Comment 3 Peter Dalgaard 2015-03-26 20:30:36 UTC
It is at least not contrary to documentation. What actually happens is that 

    rlabp <- (cols - col1) == 1L
...
    if (rlabp) 
        col.names <- c("row.names", col.names)
...
    if (missing(row.names)) {
        if (rlabp) {
            row.names <- data[[1L]]
            data <- data[-1L]
            keep <- keep[-1L]
            compactRN <- FALSE
        }
        else row.names <- .set_row_names(as.integer(nlines))
    }
    else if (is.null(row.names)) {
        row.names <- .set_row_names(as.integer(nlines))
    }
 

so if you give data in the format that implies that there are row names in the first column AND set row.names=NULL, implying rownames 1:nlines, you get a little bit of both. 

I.e. there are two mechanisms for setting rownames, but no ducumentation for what happens if you use both at once. What actually happens does not seem unreasonable to me.
Comment 4 Bill Denney 2015-06-23 12:39:41 UTC
Sorry for the long delay in response.

If this is viewed as reasonable can the documentation be updated to specify that is what happens in this (unusual) instance?

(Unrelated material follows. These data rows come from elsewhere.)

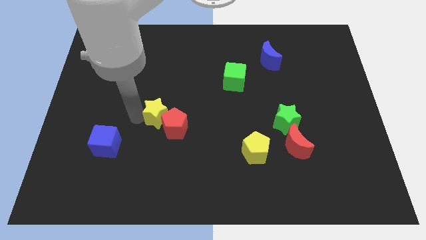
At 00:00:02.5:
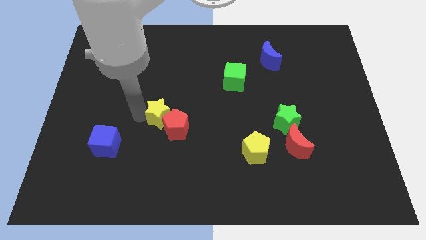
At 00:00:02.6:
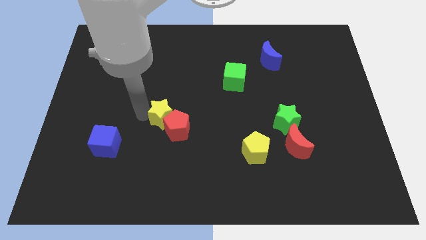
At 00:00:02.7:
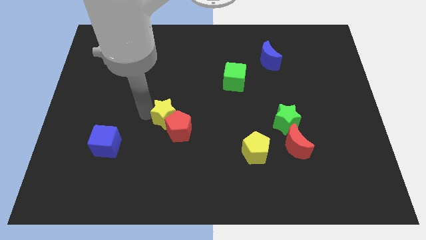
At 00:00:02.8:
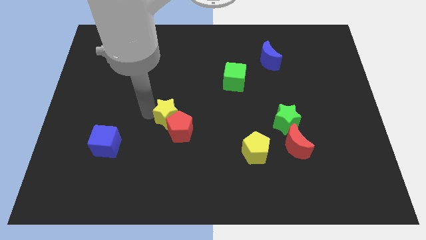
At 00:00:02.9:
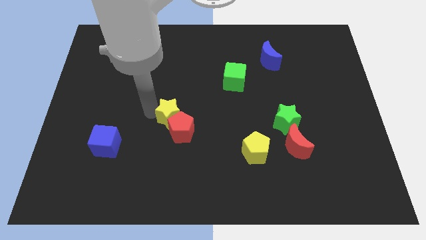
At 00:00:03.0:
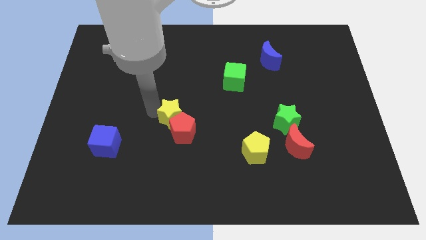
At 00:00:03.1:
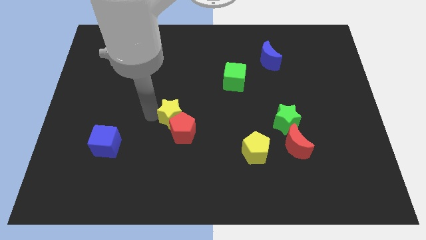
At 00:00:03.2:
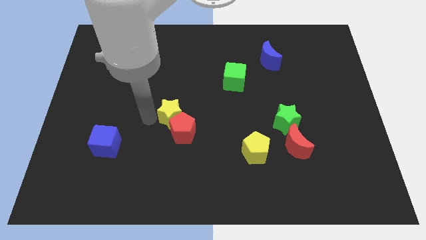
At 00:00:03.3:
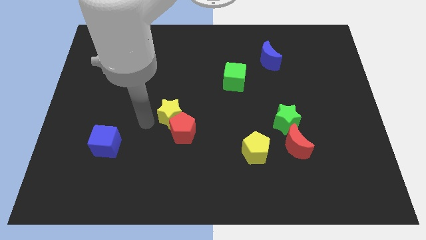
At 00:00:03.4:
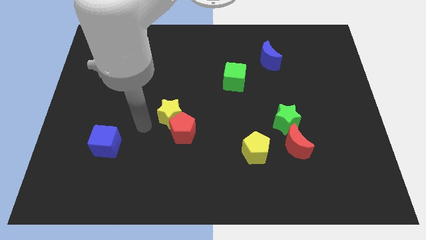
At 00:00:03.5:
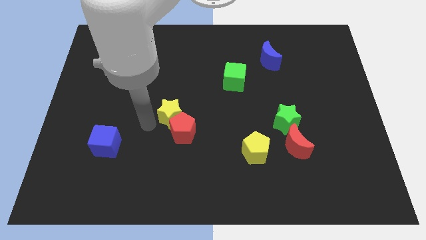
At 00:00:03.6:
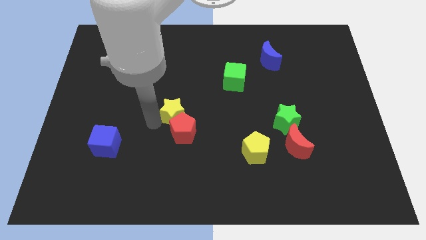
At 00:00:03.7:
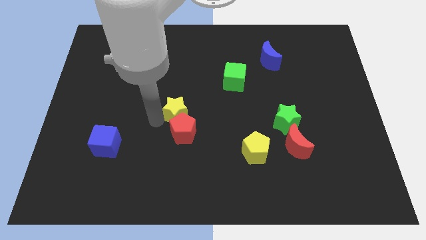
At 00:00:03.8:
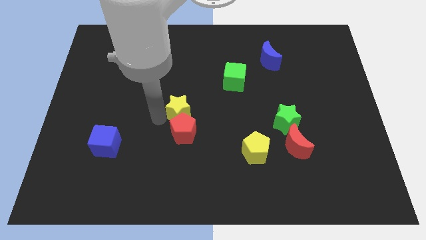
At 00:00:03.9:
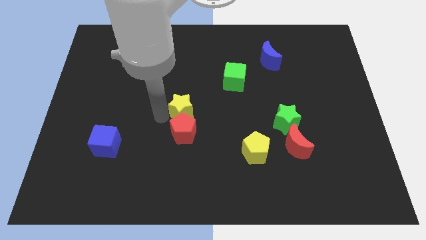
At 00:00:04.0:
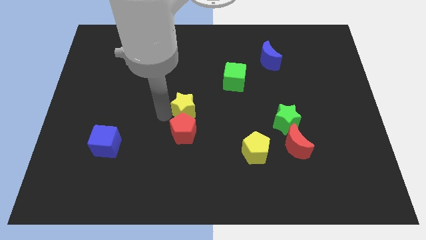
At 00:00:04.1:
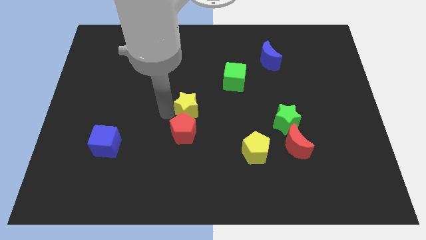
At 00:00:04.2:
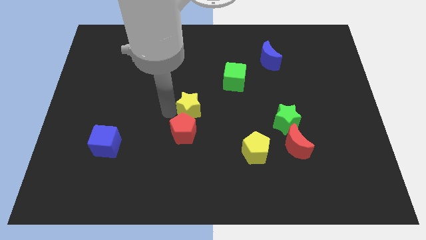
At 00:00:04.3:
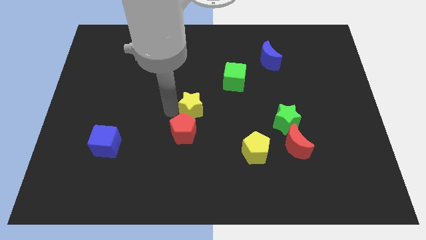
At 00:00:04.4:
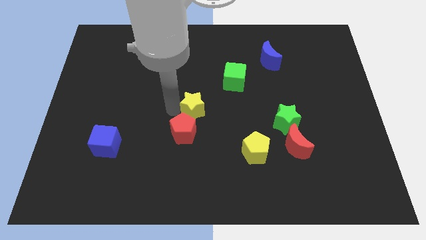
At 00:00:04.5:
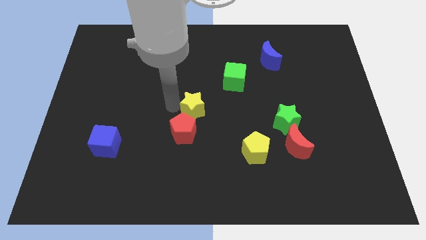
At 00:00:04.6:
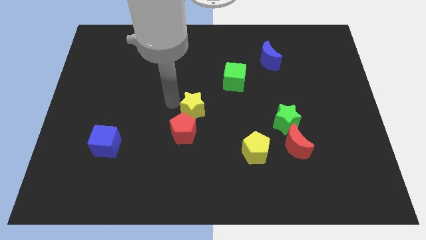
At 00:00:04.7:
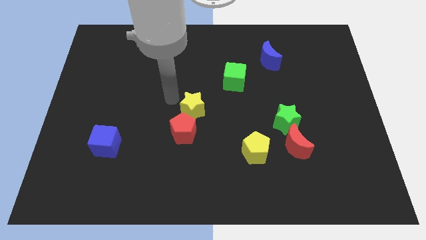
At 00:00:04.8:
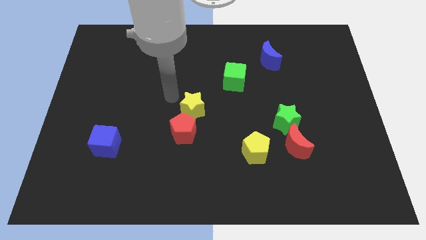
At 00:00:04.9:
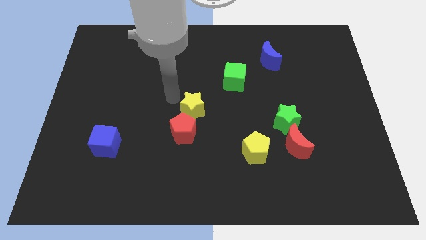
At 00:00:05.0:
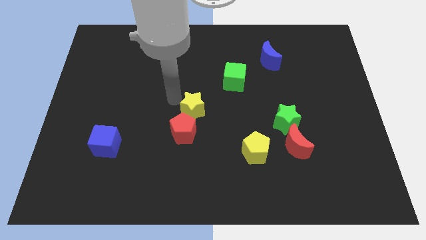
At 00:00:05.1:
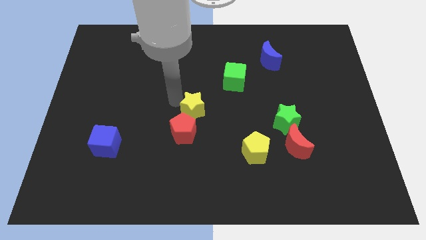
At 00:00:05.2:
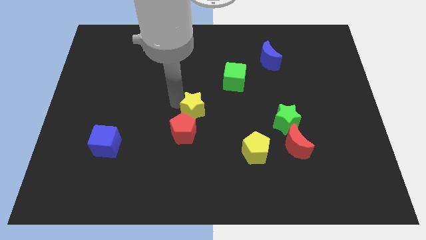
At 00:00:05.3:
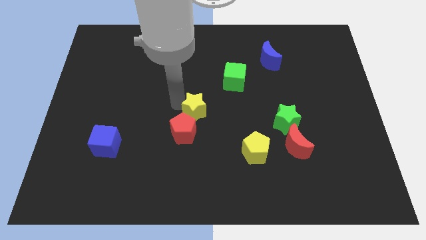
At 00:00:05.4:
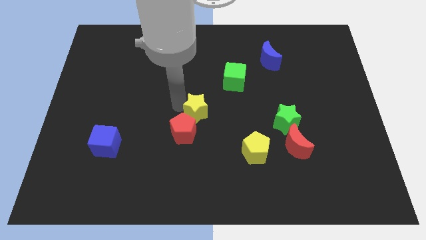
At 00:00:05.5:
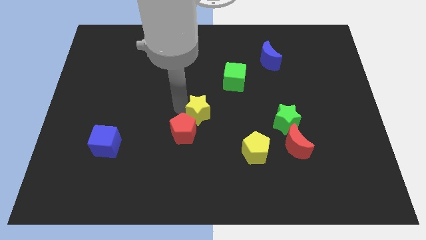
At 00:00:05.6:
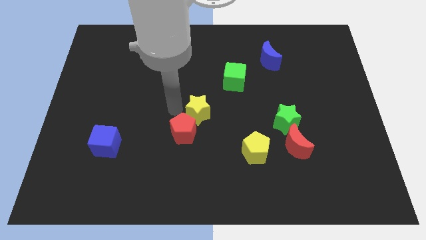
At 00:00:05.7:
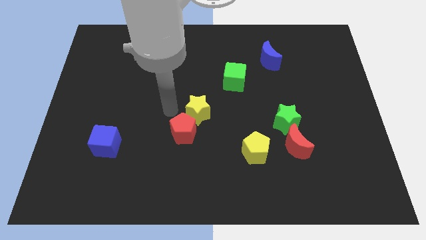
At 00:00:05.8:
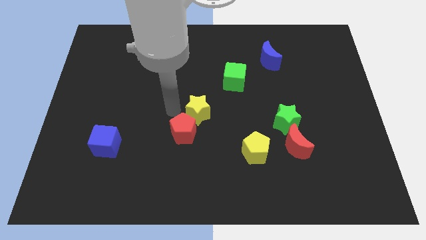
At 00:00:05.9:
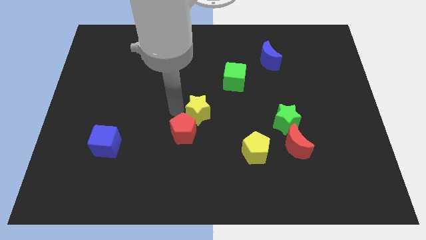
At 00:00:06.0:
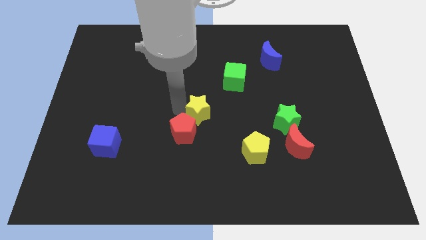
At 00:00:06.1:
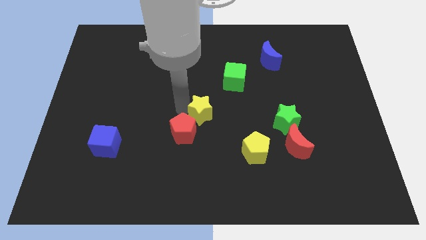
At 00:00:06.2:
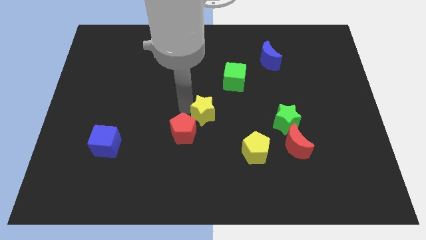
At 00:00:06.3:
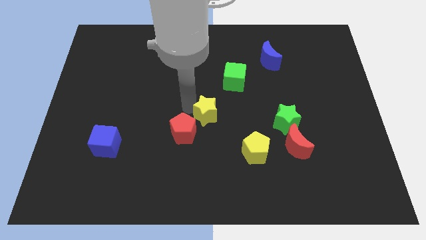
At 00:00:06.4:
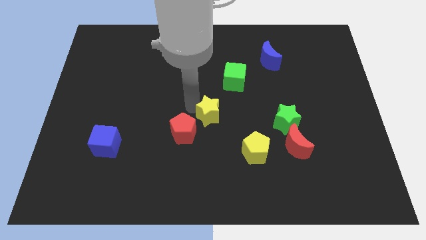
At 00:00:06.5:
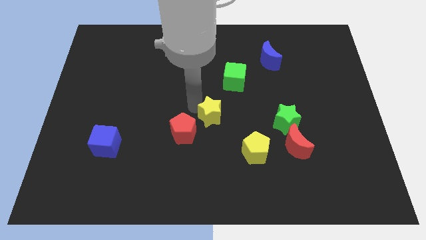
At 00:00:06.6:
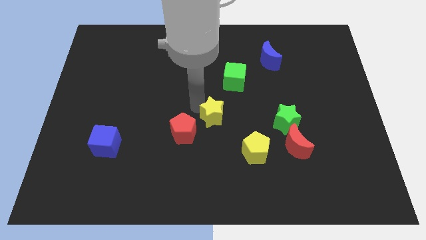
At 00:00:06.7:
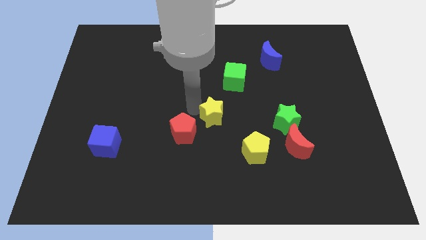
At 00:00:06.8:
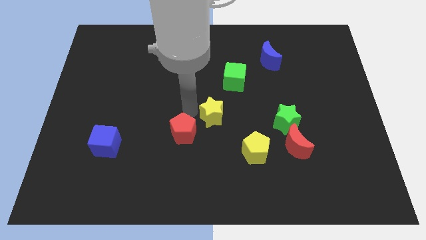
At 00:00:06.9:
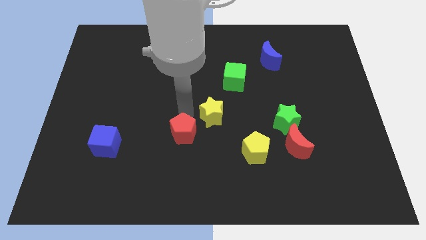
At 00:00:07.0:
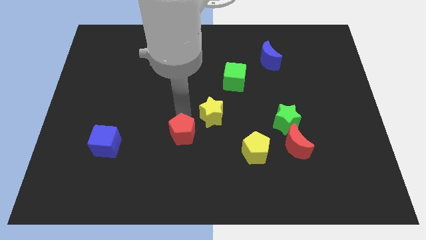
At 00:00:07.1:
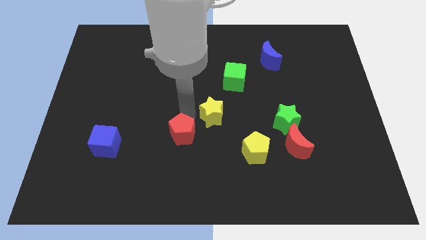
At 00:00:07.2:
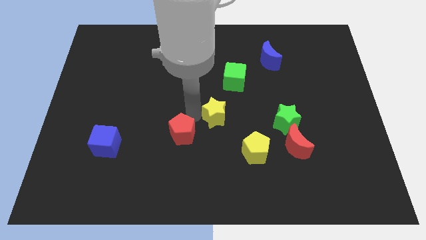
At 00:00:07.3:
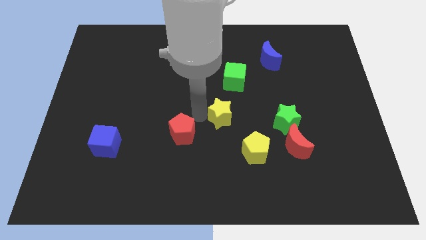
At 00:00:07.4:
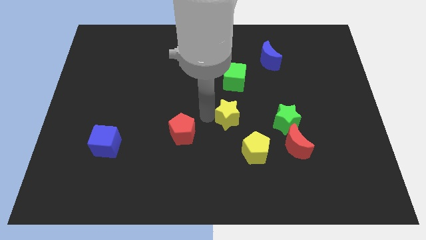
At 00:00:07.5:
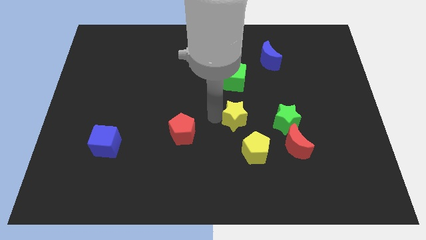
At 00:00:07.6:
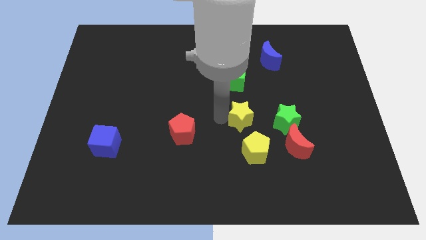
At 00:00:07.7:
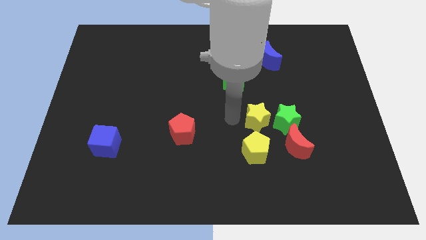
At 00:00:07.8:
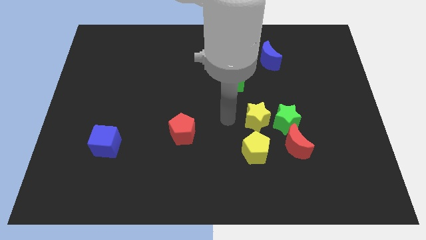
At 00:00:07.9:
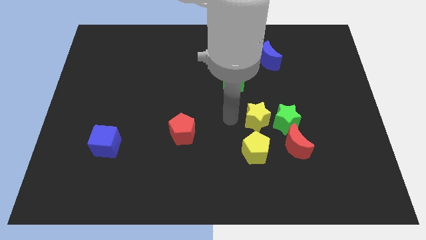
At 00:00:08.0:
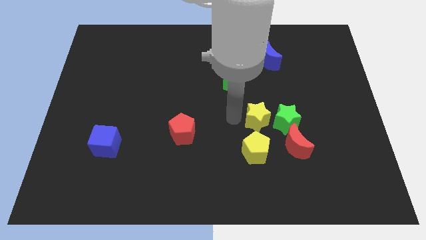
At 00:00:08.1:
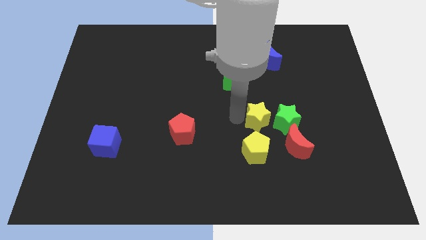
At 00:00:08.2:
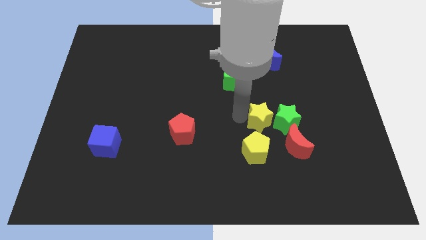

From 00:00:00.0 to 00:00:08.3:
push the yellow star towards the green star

Since the example suggests that the user knows the column names, adding a new column name of "row.names" seems like it would be a surprise to most users.
Comment 5 loligo@sohu.com 2017-01-18 03:56:05 UTC
I encounter the same problem and I agree with Bill.  A table file with ragged lines is very common when the separator is "\t" (tab) or " " (white space), even more common than that of CSV since they are invisible.  Now I have two choices: 1) manually remove the redundant tab or white space; 2) read the table file with header=F and stringsAsFactors=T, then parse the data.frame containing character in all fields, e.g., extracting the first line as header and convert the other lines into numeric.

I think it will be very convenient if the argument row.names of read.table() accepts a value, such as NULL, a single character scalar, or a character vector, allowing the user to indicate that although the header line has one less entry than the number of columns of the second line, the first column is NOT the row names.  Rather, since the first column is NOT the row names, read.table() should respect flush=T and pad the following lines.  Of course, the padding cells get value NA.  Actually, it is the behaviour of read.table() NOW if the first line has one MORE field (an empty field created by a redundant tab) than the following lines.

In addition, the documentation is misleading, if it is not wrong.